J. Cardiovasc. Dev. Dis. 2024, 11(1), 27; https://doi.org/10.3390/jcdd11010027
Submission received: 26 December 2023
/
Revised: 14 January 2024
/
Accepted: 15 January 2024
/
Published: 17 January 2024
(This article belongs to the Special Issue Risk Factors and Outcomes in Cardiac Surgery)
Abstract
:Perioperative transient ischemic attacks (PTIAs) are associated with significantly increased rates of postoperative complications such as low cardiac output, atrial fibrillation, and significantly higher mortality in cardiac procedures. The current literature on PTIAs is sparse and understudied. Therefore, we aim to understand the effects of PTIA on hospital utilization, readmission, and morbidity. Using data on all the cardiac procedures at the University of Pittsburgh Medical Center from 2011 to 2019, fine and gray analysis was performed to identify whether PTIAs and covariables correlate with increased hospital utilization, stroke, all-cause readmission, Major Adverse Cardiac and Cerebrovascular Events (MACCE), MI, and all-cause mortality. Logistic regression for longer hospitalization showed that PTIA (HR: 2.199 [95% CI: 1.416–3.416] increased utilization rates. Fine and gray modeling indicated that PTIA (HR: 1.444 [95% CI: 1.096–1.902], p < 0.01) increased the rates of follow-up all-cause readmission. However, PTIA (HR: 1.643 [95% CI: 0.913–2.956] was not statistically significant for stroke readmission modeling. Multivariate modeling for MACCE events within 30 days of surgery (HR: 0.524 [95% CI: 0.171–1.605], p > 0.25) and anytime during the follow-up period (HR: 1.116 [95% CI: 0.825–1.509], p > 0.45) showed no significant correlation with PTIA. As a result of PTIA’s significant burden on the healthcare system due to increased utilization, it is critical to better define and recognize PTIA for timely management to improve perioperative outcomes.
1. Introduction
Currently, the consequences of perioperative transient ischemic attacks (PTIAs) are understudied, and relatively little literature exists on both short- and long-term patient recovery. PTIAs are associated with significantly increased rates of low cardiac output, atrial fibrillation, and significantly higher mortality in cardiac procedures [1]. While relatively uncommon in low-risk surgical procedures, the current literature on PTIAs is sparse. In 2020, the Society for Thoracic Surgery (STS) removed PTIA from their operative discharge survey, further reducing the data on and research into PTIAs.

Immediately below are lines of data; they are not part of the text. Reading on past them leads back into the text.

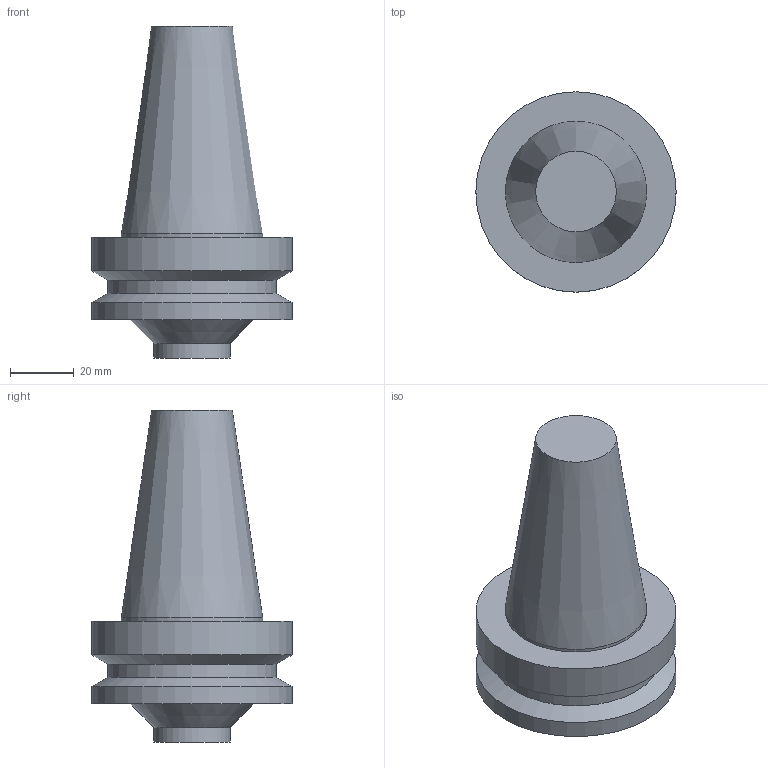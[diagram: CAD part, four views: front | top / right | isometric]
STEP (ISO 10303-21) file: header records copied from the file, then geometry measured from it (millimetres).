
FILE_DESCRIPTION((''),'1');
FILE_NAME('BBT40-CG24-39.stp','2013-07-25T23:57:18',(''),(''),'Spatial Interop R18','Kubotek KeyCreator V8.5.1 (14335)',' ');
FILE_SCHEMA(('CONFIG_CONTROL_DESIGN'));
Length unit declared in the file: millimetre
Products named in the file (1): 1
Bounding box: 63 x 63 x 104.4 mm (x, y, z)
Volume: 148200.4 mm3; surface area: 19198.2 mm2
Topology: 1 solids, 1 shells, 13 faces, 21 edges, 12 vertices
Faces by surface type: cylinder 5, plane 4, cone 4
Full cylindrical faces by diameter (mm): 24 x1, 44.45 x1, 53 x1, 63 x2
Entity records: 298 total; most frequent: DIRECTION 52, CARTESIAN_POINT 38, AXIS2_PLACEMENT_3D 26, EDGE_LOOP 24, ORIENTED_EDGE 24, FACE_BOUND 20, ADVANCED_FACE 13, EDGE_CURVE 12

In non-operative settings, TIA has been shown to increase the risk of recurrent TIA, stroke, cardiovascular events, and mortality [2]. In some cases, TIA has an imaging correlation with and is labeled as stroke for appropriate evaluation and management. This has led to changes in the definition of TIA in non-operative settings, and clinical trials like ABCD and ABCD2 to evaluate effective management [3]. PTIA and PTIA-like symptoms can be due to TIA, infections, or stroke/seizure/any metabolic derangement causing altered mental status or cardiac complications, which makes PTIA often underreported or missed. Additionally, the neurological changes may be subtle or brief, further complicating estimation of its incidence. It is not always evaluated after vascular surgery even though it has a high incidence, in which case it is silent in imaging tools [4].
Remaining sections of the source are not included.